? Though widely used for functional neuroimaging, BOLD fMRI measures a relative change in blood oxygenation and is subject to confounds due to variations in baseline physiology and the competing effects of changes in blood flow and oxygen metabolism. These uncertainties currently limit BOLD imaging and have stymied applications that depend on repeatability. An attractive strategy for working around these BOLD limitations is to pursue a quantitative measure of the relative change in the cerebral metabolic rate of oxygen (rCMRO2) synthesized from a complete set of hemodynamic parameters, fMRI, by itself, is currently unable to provide this complete set of hemodynamic parameters in humans during brain activation without relying on untested assumptions relating flow and volume changes. The goal of this grant is to develop and validate a multi-modality methodology for metabolic neuroimaging of the cortex through the integration of Diffuse Optical Tomography (DOT) and MRI. In this project, we will advance DOT technology to increase the quantitative accuracy of estimated baseline and dynamic hemoglobin concentrations.
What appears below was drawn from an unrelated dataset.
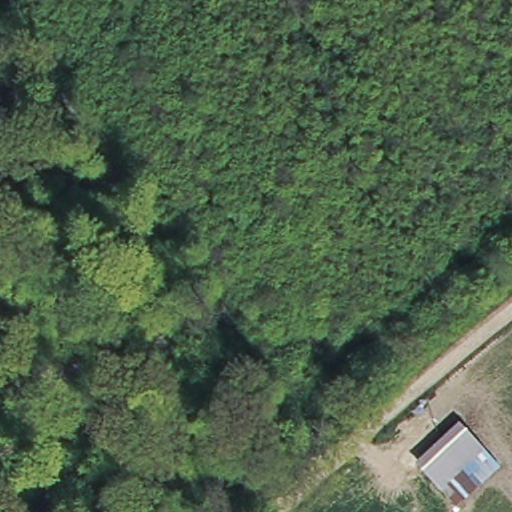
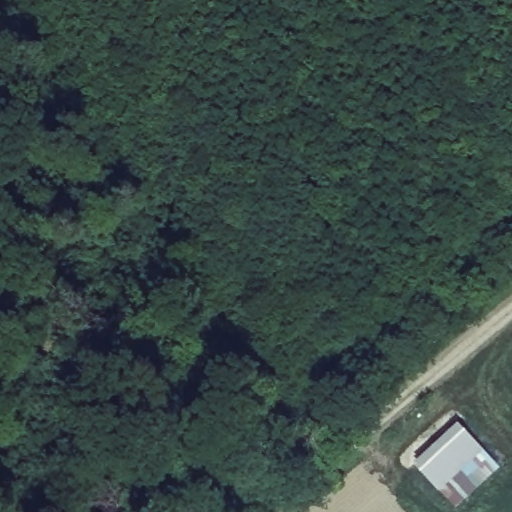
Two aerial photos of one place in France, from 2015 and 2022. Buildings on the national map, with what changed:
unchanged [(457,422),(484,447),(437,488),(413,463),(457,422)]
unchanged [(456,506),(437,488),(484,447),(501,467),(456,506)]

A novel hybrid time domain and continuous wave brain imaging system will be combined with MRI guided reconstruction methods. The quantitative baseline and functional optical measures of total hemoglobin, and deoxyhemoglobin will be combined with fMRI arterial spin labeling measures of the relative change in cerebral blood flow (rCBF) to calculate images of rCMRO2. Validation will be pursued through a combination of graded global and focal modulations and through comparison with analogous fMRI measures. We anticipate that validation of this metabolic imaging method will have wide applications both in studies of metabolic-vascular response in normal and diseased humans and use as a quantitative functional neuroimaging method to facilitate future longitudinal and across subject studies. ? ?

National Institute of Health (NIH)
National Institute of Biomedical Imaging and Bioengineering (NIBIB)
Research Project (R01)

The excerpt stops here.